MPGs Einkaufstour war nicht beendet, 2021 kam Luxco mit allen Marken dazu, 2023 Penelope Bourbon. Erklärtes Ziel ist eine „premiumization strategy and […] focus on growing high potential, high margin brands.”, so der Geschäftsführer David Colo. Im Rahmen dieser Strategie sind auch die High End-Produkte von Ross&Squibb zu sehen, darunter die fassstarken Abfüllungen von Rossville Union.
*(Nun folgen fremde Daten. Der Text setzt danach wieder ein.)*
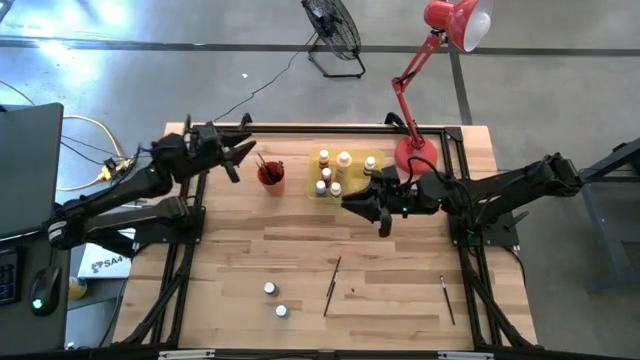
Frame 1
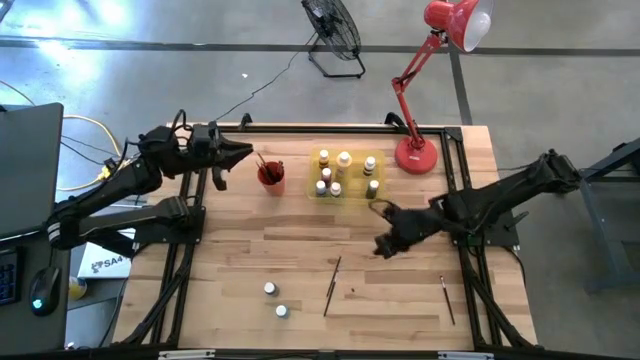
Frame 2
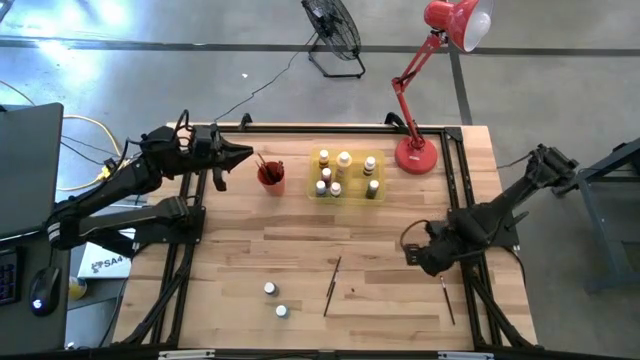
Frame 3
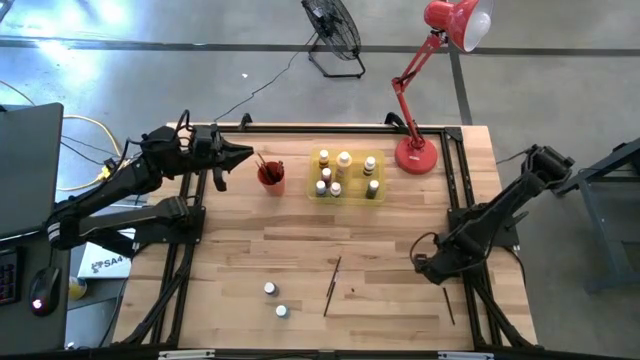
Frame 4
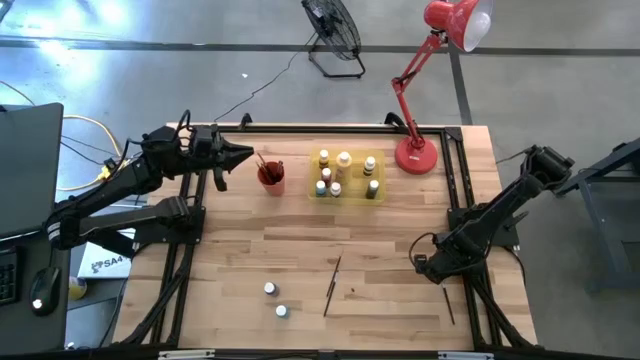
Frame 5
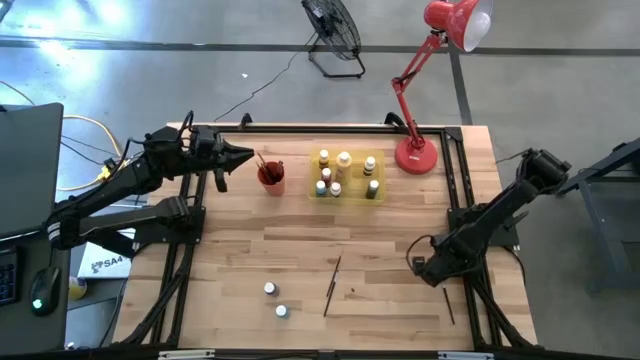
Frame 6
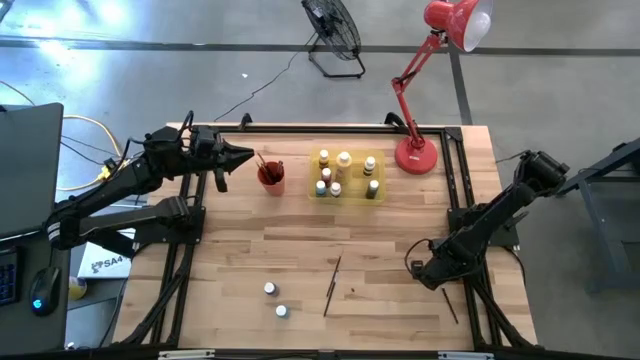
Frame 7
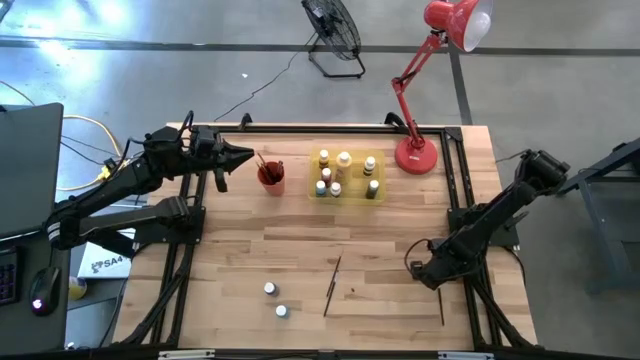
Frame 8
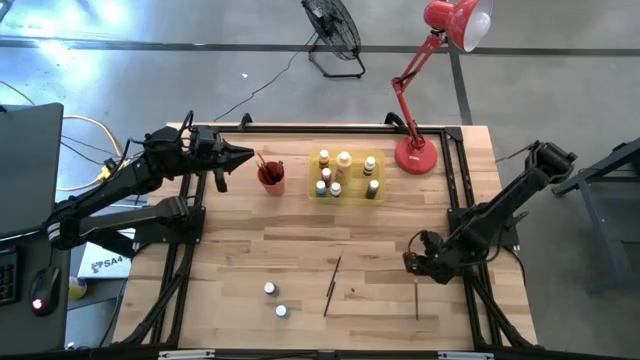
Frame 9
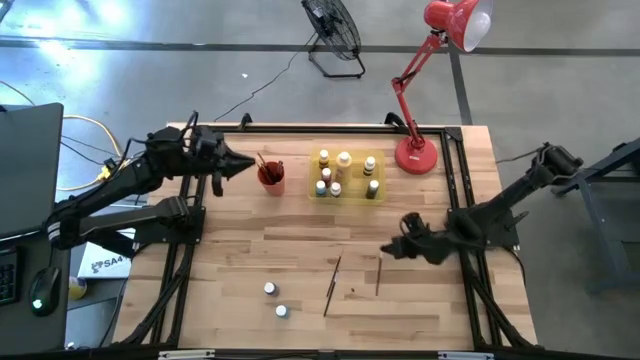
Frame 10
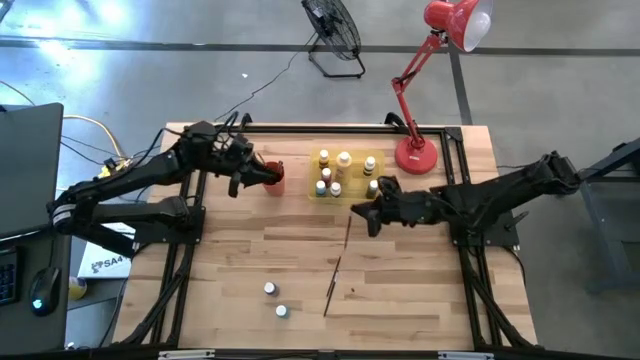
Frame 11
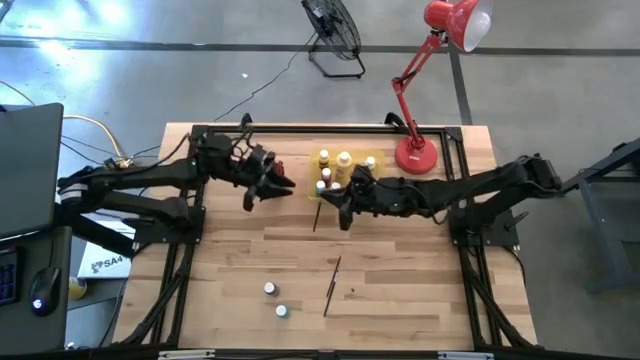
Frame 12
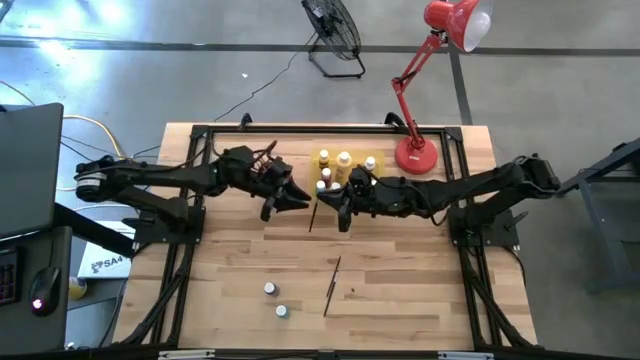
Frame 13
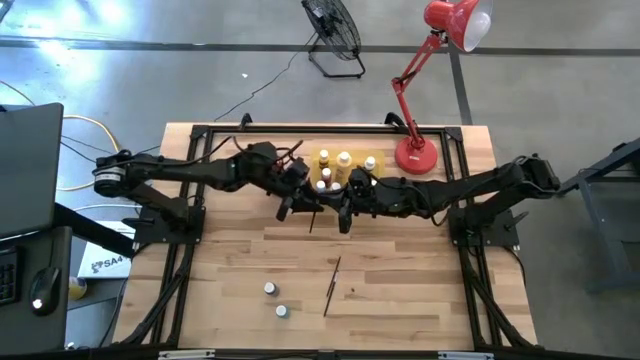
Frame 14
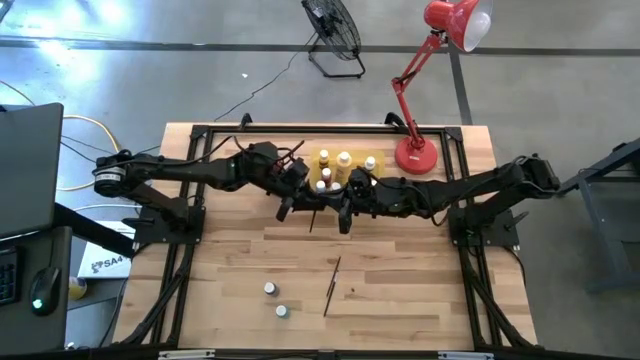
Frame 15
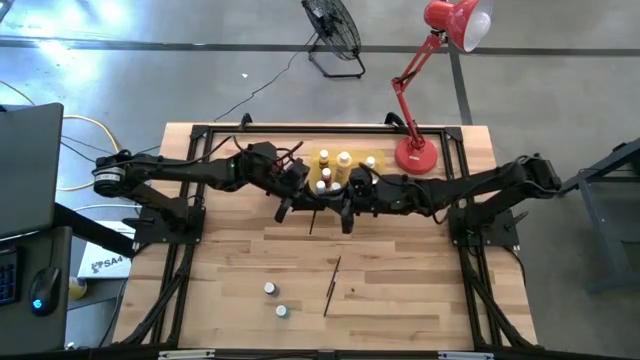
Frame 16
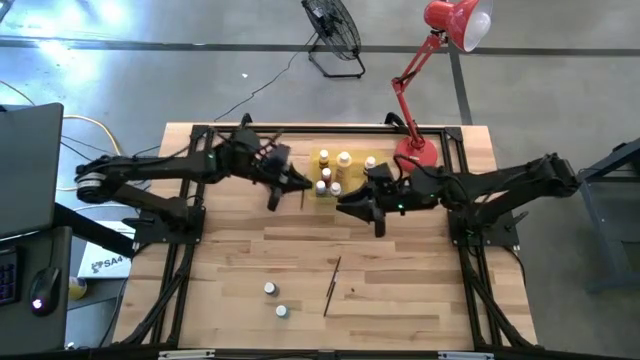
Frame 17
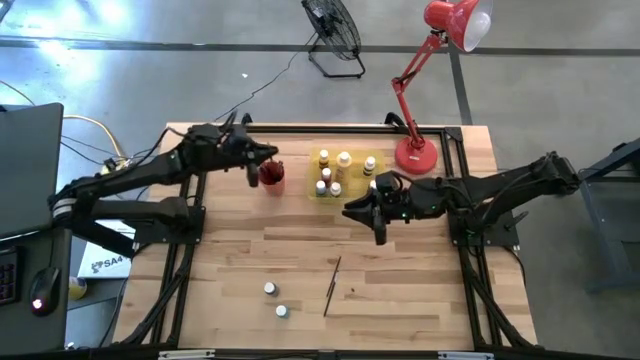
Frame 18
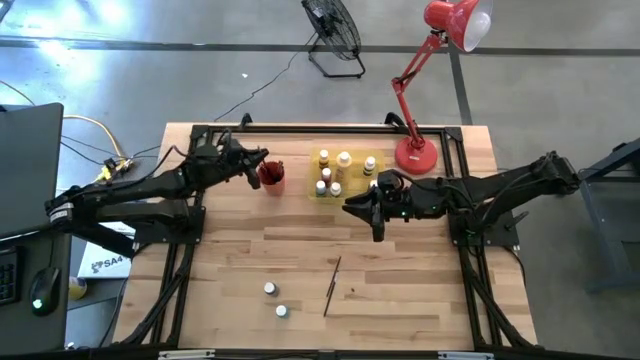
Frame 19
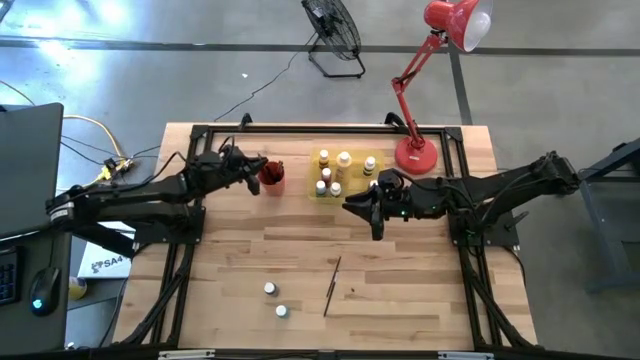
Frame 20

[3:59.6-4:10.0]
Task: Pick & Place Paint Supplies
Put the silver paintbrush into the orange cup

Aufgrund der erheblichen Diffusion des Ross & Squibb-Namens in der MPG-Operation ist nicht sofort ersichtlich, inwieweit sie aus der historischen Brennerei oder dem Giganten stammen.
Letztlich ist dies ob der personellen Überlappung mit generationenübergreifender Erfahrung ohnehin zweitrangig. Der Titel „Masters of Rye“ ist wohl verdient. Schon der Vorgänger der hier zu besprechenden Abfüllung, noch ohne Altersangabe, war ganz exzellent. Nun ist der Nachfolger erschienen und er dürfte ein Anwärter auf die Krone des besten Rye Whiskeys sein.
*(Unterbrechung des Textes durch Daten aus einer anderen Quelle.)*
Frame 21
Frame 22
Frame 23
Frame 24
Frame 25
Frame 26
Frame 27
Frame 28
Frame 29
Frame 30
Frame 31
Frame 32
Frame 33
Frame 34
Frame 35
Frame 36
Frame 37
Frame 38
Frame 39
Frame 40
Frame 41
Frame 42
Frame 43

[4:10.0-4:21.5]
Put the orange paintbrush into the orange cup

Neues Design und höheres Alter
Auffällig ist das neue Design der Flasche und des Labels, sonst vieles gleich geblieben. Weiterhin ist der Whiskey eine Vermählung von mehreren Fässern, diesmal 82. Weiterhin wird auf Fassstärke gesetzt, diesmal 58,5% ABV. Und natürlich kommen frische, ausgebrannte Eichenfässer zum Einsatz; sie sind mit Level 4 ‚Alligator‘ für die Dauben und Level 2 für die Deckel recht stark ausgekohlt, filtern entsprechend gut.
Die Mash Bill ist ebenfalls identisch, bzw. die Mash Bills – es sind zwei: zum einen die für MGP typische mit 95% Roggen und 5% gemälzter Gerste, zum anderen eine mit 51% Roggen sowie 45% Mais und 4% Gerstenmalz. Letztere mag ein Erbe von Ross & Squibb sein, bringt mit dem relativ niedrigen Roggenanteil und viel Mais jedenfalls eine größere Süße.
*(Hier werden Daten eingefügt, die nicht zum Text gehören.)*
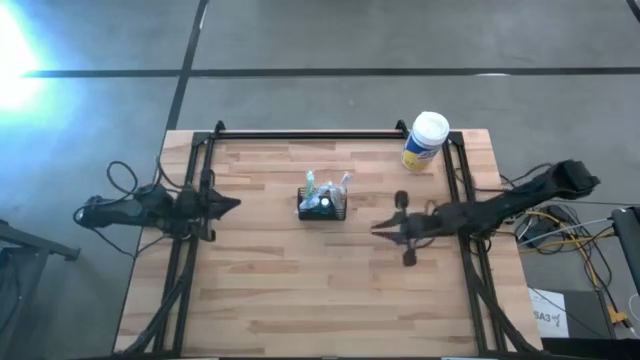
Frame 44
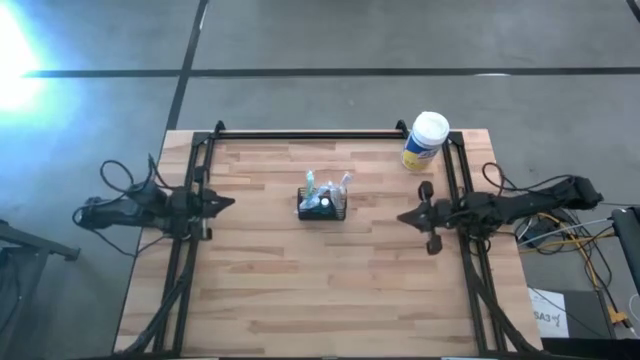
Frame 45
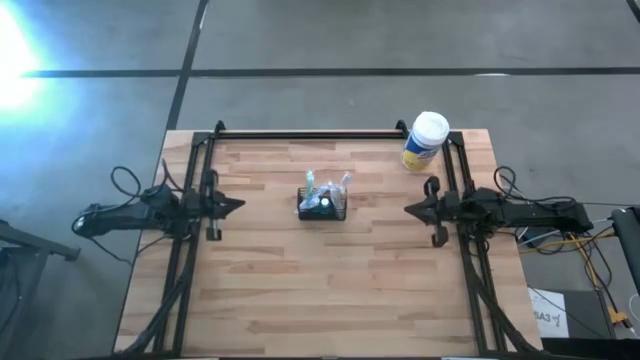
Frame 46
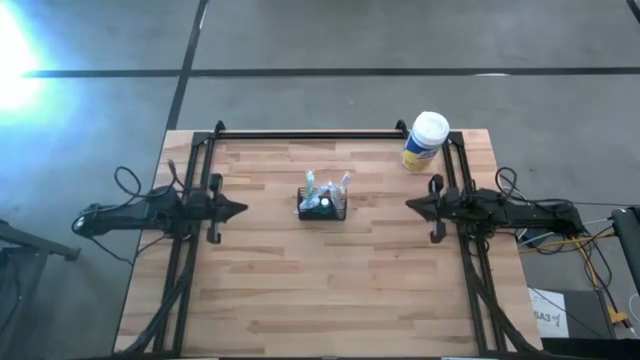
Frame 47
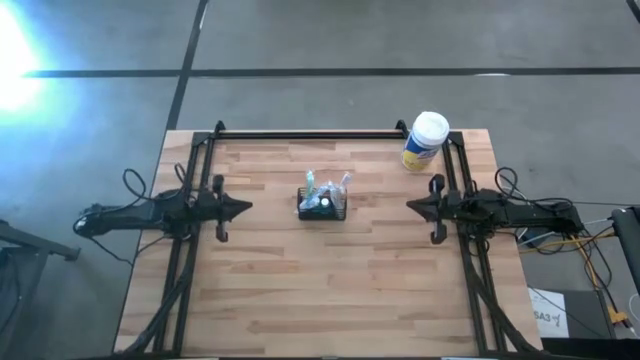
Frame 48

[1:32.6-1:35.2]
Task: Pick & Place toothbrushing station
Return to Home Position

Die größte Veränderung ist die klare Altersangabe mit sieben Jahren. Schon der Vorgänger war mit fünf- bis sechsjährigem Whiskey für einen Rye eben nicht jung, sondern eher wohlgereift. Roggenwhiskey entwickelt nämlich schon in jungen Jahren beachtliche Qualität, allzumal in ausgebrannten Fässern. Dass die neue Altersstufe so prominent angegeben ist, könnte ein Zeichen dafür sein, dass sie nun final ist.
Nase
Eine ganz vorzügliche Balance aus scharfer Würze, frischen Kräutern und schwerer Süße. Roter Pfeffer, Nelke, Zimt und Kurkuma treffen auf Eukalyptus, Minze und Melisse zum einen, und auf massives Karamell mit Schokosplittern zum anderen. Gerade das Karamell braucht etwas Zeit und Luft, entfaltet sich dann aber wirksam.
Geschmack
Die Würze gewinnt an Feuer und Kraft, ist bei all ihrer Intensität aber klar von alkoholischer Schärfe zu trennen, die überhaupt nicht auftritt. Vielmehr ist es Chili in verschiedenen Sorten, der nun besonders mit der Nelke und dem Kurkuma spielt. Allerdings braucht es deswegen einige Geduld, auch die süßlichen Qualitäten des Whiskeys zu entdecken. Karamell und Bitterschokolade sind deutlich, weniger der Hauch von Vanille. Nur wenige Spritzer Orange und Zitrone erinnern noch an die Frische in der Nase.
Abgang
erwartbar feurig, mit klar holzigen Noten.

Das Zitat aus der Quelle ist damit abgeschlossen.